This function calculates the distances between trees whose tips belong to the same categories but are not necessarily identically labelled

relatedTreeDist(trees, df, checkTrees = TRUE)

Arguments

trees

a list of trees or multiphylo object

df

a data frame specifying to which category each individual (from all the trees) belongs. Each row gives: an individual (column 2) and its corresponding category (column 1)

checkTrees

a logical (default TRUE) specifying whether the trees should be checked. When TRUE, error messages will be helpful in locating problematic trees, that is, any trees with repeated tip labels, or any trees with missing categories.

Examples

# we will simulate some trees as an example, each "based" on the same tree:
baseTree <- rtree(5)
baseTree$tip.label <- letters[5:1]
plot(baseTree)


tree1 <- simulateIndTree(baseTree, itips=3, permuteTips=FALSE)
tree2 <- simulateIndTree(baseTree, itips=4, permuteTips=FALSE)
tree3 <- simulateIndTree(baseTree, itips=4, permuteTips=TRUE, tipPercent=20)
tree4 <- simulateIndTree(baseTree, itips=4, permuteTips=TRUE, tipPercent=60)
tree5 <- simulateIndTree(baseTree, itips=4, permuteTips=TRUE, tipPercent=100)
# combine:
trees <- list(tree1,tree2,tree3,tree4,tree5)

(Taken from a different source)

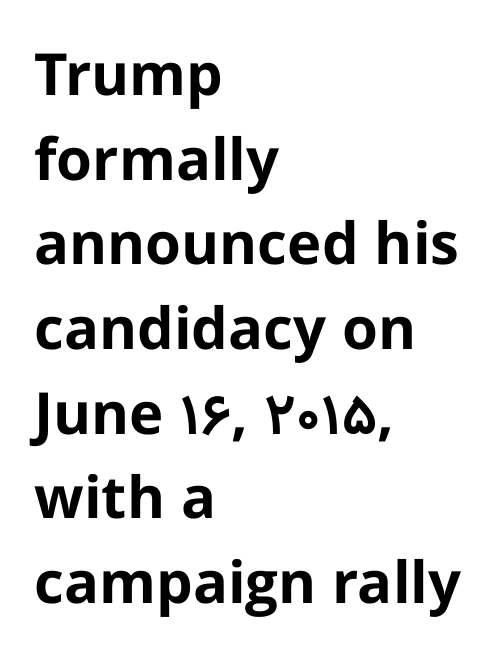
The image shows 58 px bold sans-serif type, upright; set left-aligned, normal line spacing (1.46x), normal letter spacing, not underlined; low stroke contrast and a medium x-height.

df <- cbind(sort(rep(letters[1:5],4)),sort(paste0(letters[1:5],"_",rep(1:4,5))))
head(df)
#>      [,1] [,2] 
#> [1,] "a"  "a_1"
#> [2,] "a"  "a_2"
#> [3,] "a"  "a_3"
#> [4,] "a"  "a_4"
#> [5,] "b"  "b_1"
#> [6,] "b"  "b_2"

# Find distances:
relatedTreeDist(trees,df)
#>          1        2        3        4
#> 2 0.000000                           
#> 3 1.119780 1.119780                  
#> 4 1.756684 1.756684 1.737680         
#> 5 2.501562 2.501562 1.991192 1.530931

# Note that trees 1 and 2 have different numbers of tips but the relationships between those tips
# are identical at the category level, hence the related tree distance is 0.
# We can see that the distances between trees increase the more the trees are permuted.